WHAT TO DO
Look below for the line containing "Protokol-Auszug aus Departement zum Vollzus." and the line containing "daselbst, mit einem"; repeat exactly those two lines and all lines between them, and nothing else.

(DATA SHOWN Opens)

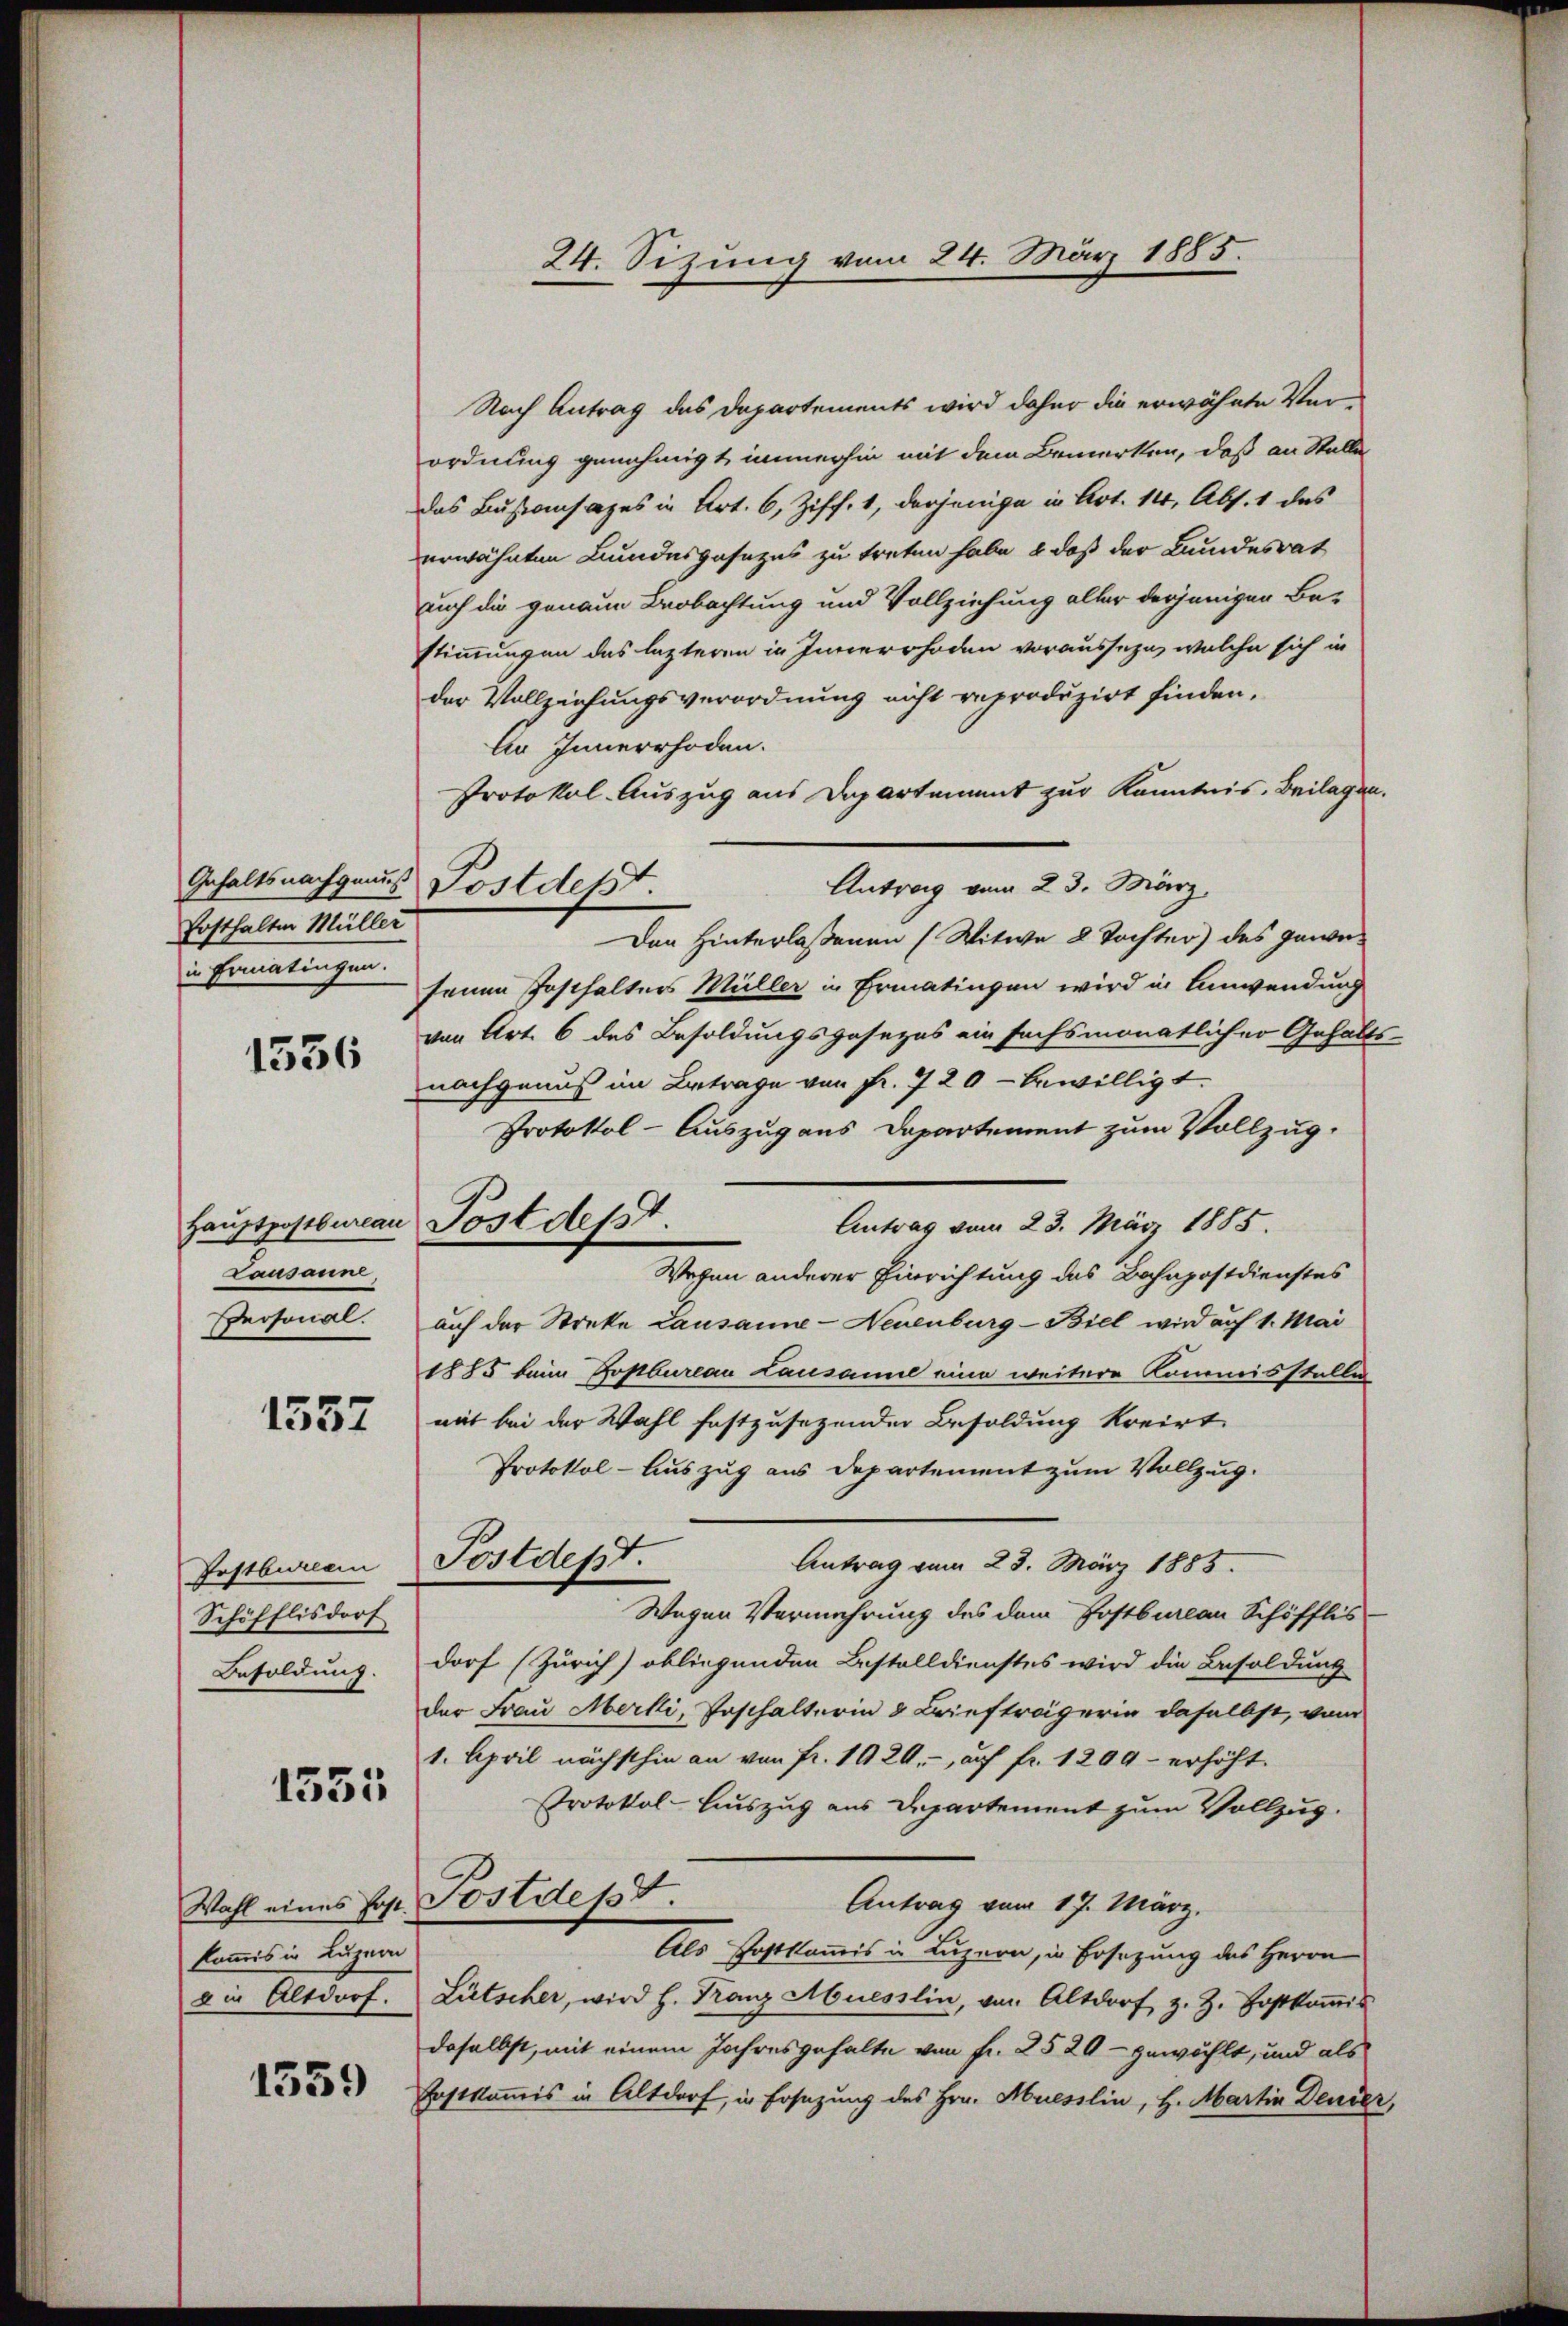
Gehaltsnachgenuß
Posthalten Müller
in Ermatingen.

1536

Hauptpostburlau
Lausanne.
Personal.

1557

Erstbureau
Schöfflisdorf
Besoldung.

1535

Wahl eines Post.
kommis in Luzern
a in Altdorf.

1559

Nach Antrag des Departements wird daher die erwähnte Verordnung genehmigt, immerhin mit dem Bemerken, daß an Stelle
das Bussensages in Art. 6, Ziff. 1, derjenige in Art. 14, Abs. 1 des
erwähnten Bundesgesezes zu treten habe, & daß der Bundesrat
auch die genaue Beobachtung und Vollziehung aller derjeniger Be-
stimmungen das letzteren in Innerrhoden vorausseze, welche sich in
der Vollziehungsverordnung nicht reproduzirt finden.
An Innerrhoden.
Protokol. Auszug aus Departement zur Kenntnis. Beilagen.
Antrag vom 23. März,
Den Hinterlassenen (Witwe 2 Tochter) des gewesenen Posthalter Müller in Ermatingen wird in Anwendung
von Art. 6 des Besoldungsgesezes ein sechsmonatlicher Gehalts-
nachgenuß im Betrage von Fr. 7 20 - bewilligt.
Protokol-Auszug aus Departement zum Vollzug.
Antrag vom 23. März 1885.
Wegen anderer Einrichtung des Bahnpostdienstes
auf der Streke Lausanne - Neuenburg-Biel wird auf 1. Mai
1885 beim Postbureau Lausanne eine weitere Kommissteller
mit bei der Wahl festzusezender Besoldung kreirt
Protokol-Auszug aus Departement zum Vollzug.
Postdept.
Antrag vom 23. März 1885.
Wegen Vermehrung des dem Postbureau Schöfflis
dorf (Zürich) obliegenden Bestelldienstes wird die Besoldung
der Frau Merki, Erschalterin 8 Briefträgerin daselbst, vom
1. April nächsthin an von Fr. 1920.-, auf fr. 1209 - erhöht.
Protokol-Auszug aus Departement zum Vollzus.
Postdest.
Antrag vom 17. März.
Als Postkommis in Luzern, in Ersetzung des Herrn
Lütscher, wird h. Tranz Muesslin, von Altdorf, z. Z. Bostkoṁis
daselbst, mit einem Jahresgehalte von Fr. 2520 - gewählt, und als
Postkommis in Altdorf, in Ersatzung des Hrn. Muesslin, H. Martin Denier,

Postdept.

Postdesst.

24. Sizung vom 24. März 1885.

(DATA SHOWN Closes)

RESULT
Protokol-Auszug aus Departement zum Vollzus.
Postdest.
Antrag vom 17. März.
Als Postkommis in Luzern, in Ersetzung des Herrn
Lütscher, wird h. Tranz Muesslin, von Altdorf, z. Z. Bostkoṁis
daselbst, mit einem Jahresgehalte von Fr. 2520 - gewählt, und als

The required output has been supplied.